What is required: Your output should be an exact copy of the records, with no pictures in it.

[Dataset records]
▬▬▬

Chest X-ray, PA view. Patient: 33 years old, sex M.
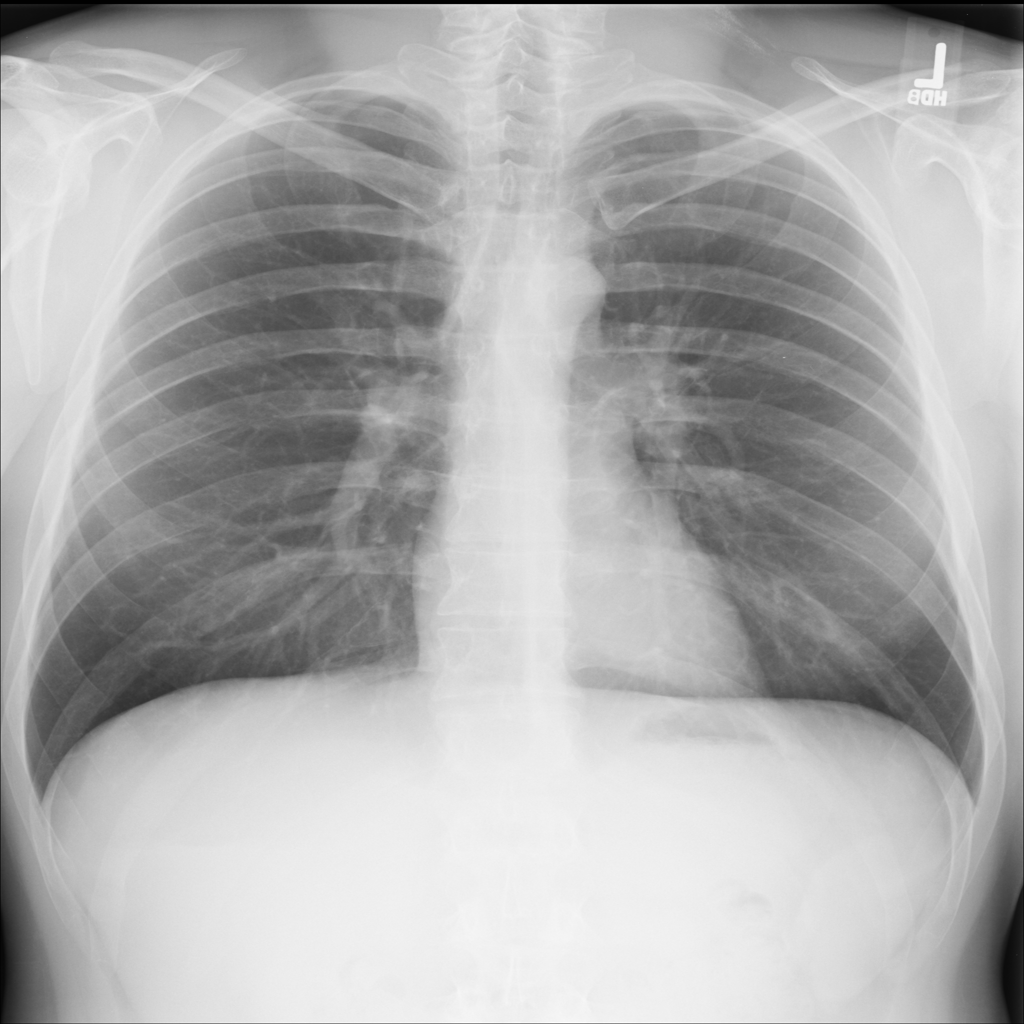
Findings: No Finding
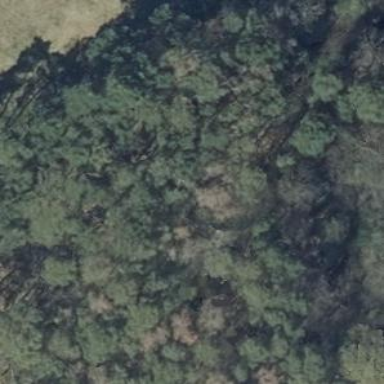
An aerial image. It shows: Mixed woodland area with various types of leaves.
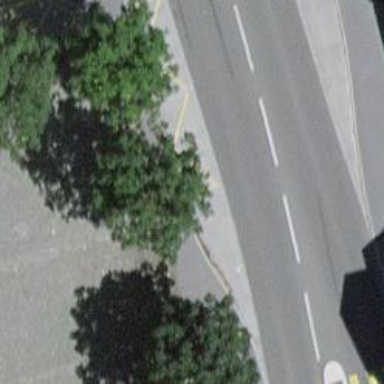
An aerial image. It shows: Platform for public transport on the road.
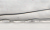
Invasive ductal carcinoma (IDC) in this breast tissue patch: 0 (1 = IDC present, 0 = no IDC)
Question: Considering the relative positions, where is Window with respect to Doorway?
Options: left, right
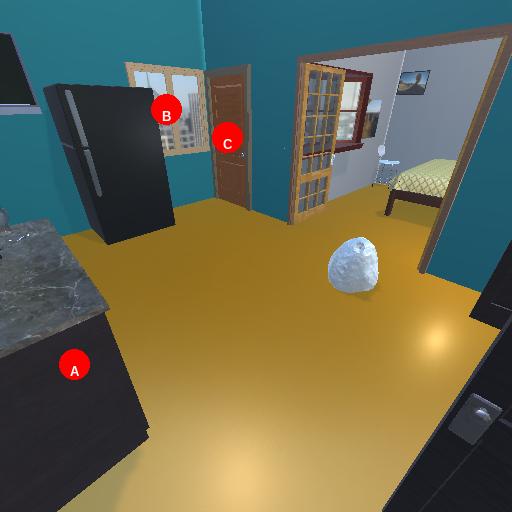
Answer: left
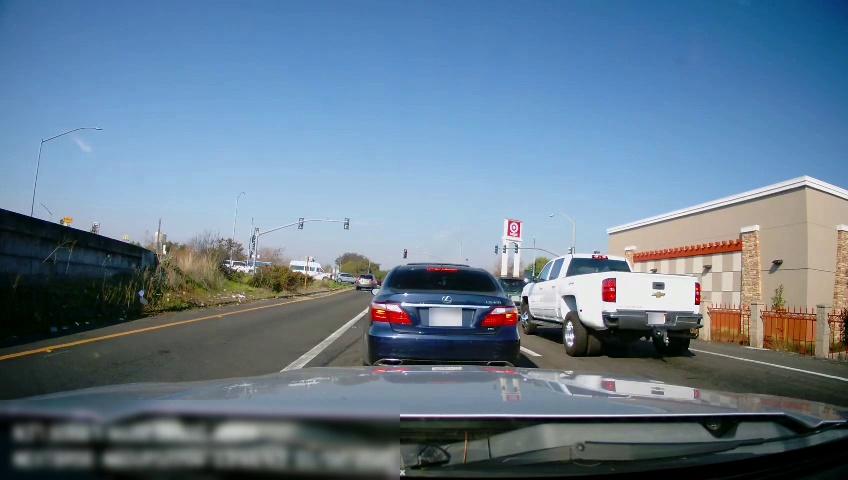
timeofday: Day
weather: Sunny
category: Drivable Space
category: Vehicles | Van
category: Vehicles | SUV
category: Vehicles | Car
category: Vehicles | Bus
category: Vehicles | SUV
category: Vehicles | SUV
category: Vehicles | Truck
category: Vehicles | Car
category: Lanes | Alternate Lane
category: Lanes | Current Lane
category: Lanes | Current Lane
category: Lanes | Alternate Lane
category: Traffic | Lights
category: Traffic | Lights
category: Traffic | Lights
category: Traffic | Lights
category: Traffic | Lights
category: Traffic | Lights
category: Traffic | Lights
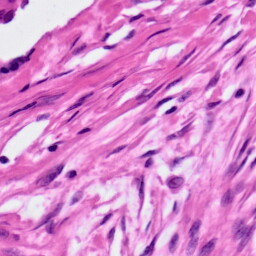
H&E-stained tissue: Ovarian
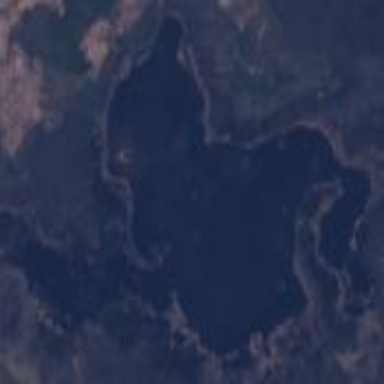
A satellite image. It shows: Serene lake surrounded by nature.
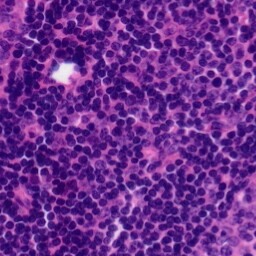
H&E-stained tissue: Tonsil
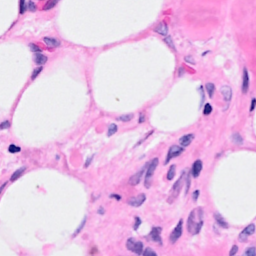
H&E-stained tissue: Breast
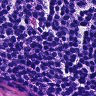
Metastatic tissue present: no
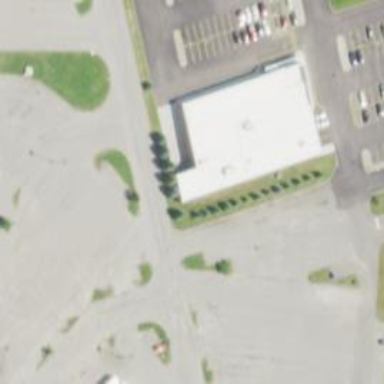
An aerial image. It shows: Supermarket.
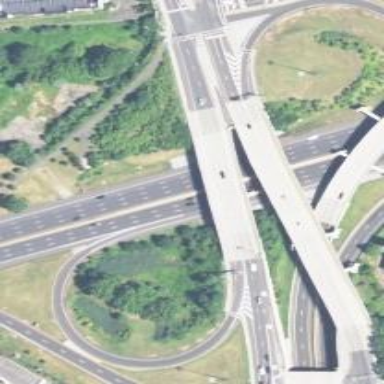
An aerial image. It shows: Junction.
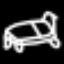
Label: bed
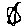
Label: star
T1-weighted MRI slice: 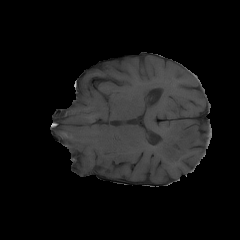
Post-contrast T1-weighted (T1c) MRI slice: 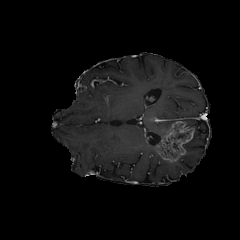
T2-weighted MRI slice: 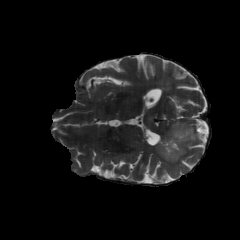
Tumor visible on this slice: yes

▬▬▬

Written reply:
Chest X-ray, PA view. Patient: 33 years old, sex M.
Findings: No Finding
An aerial image. It shows: Mixed woodland area with various types of leaves.
An aerial image. It shows: Platform for public transport on the road.
Invasive ductal carcinoma (IDC) in this breast tissue patch: 0 (1 = IDC present, 0 = no IDC)
Question: Considering the relative positions, where is Window with respect to Doorway?
Options: left, right
Answer: left
timeofday: Day
weather: Sunny
category: Drivable Space
category: Vehicles | Van
category: Vehicles | SUV
category: Vehicles | Car
category: Vehicles | Bus
category: Vehicles | SUV
category: Vehicles | SUV
category: Vehicles | Truck
category: Vehicles | Car
category: Lanes | Alternate Lane
category: Lanes | Current Lane
category: Lanes | Current Lane
category: Lanes | Alternate Lane
category: Traffic | Lights
category: Traffic | Lights
category: Traffic | Lights
category: Traffic | Lights
category: Traffic | Lights
category: Traffic | Lights
category: Traffic | Lights
H&E-stained tissue: Ovarian
A satellite image. It shows: Serene lake surrounded by nature.
H&E-stained tissue: Tonsil
H&E-stained tissue: Breast
Metastatic tissue present: no
An aerial image. It shows: Supermarket.
An aerial image. It shows: Junction.
Label: bed
Label: star
T1-weighted MRI slice: 
Post-contrast T1-weighted (T1c) MRI slice: 
T2-weighted MRI slice: 
Tumor visible on this slice: yes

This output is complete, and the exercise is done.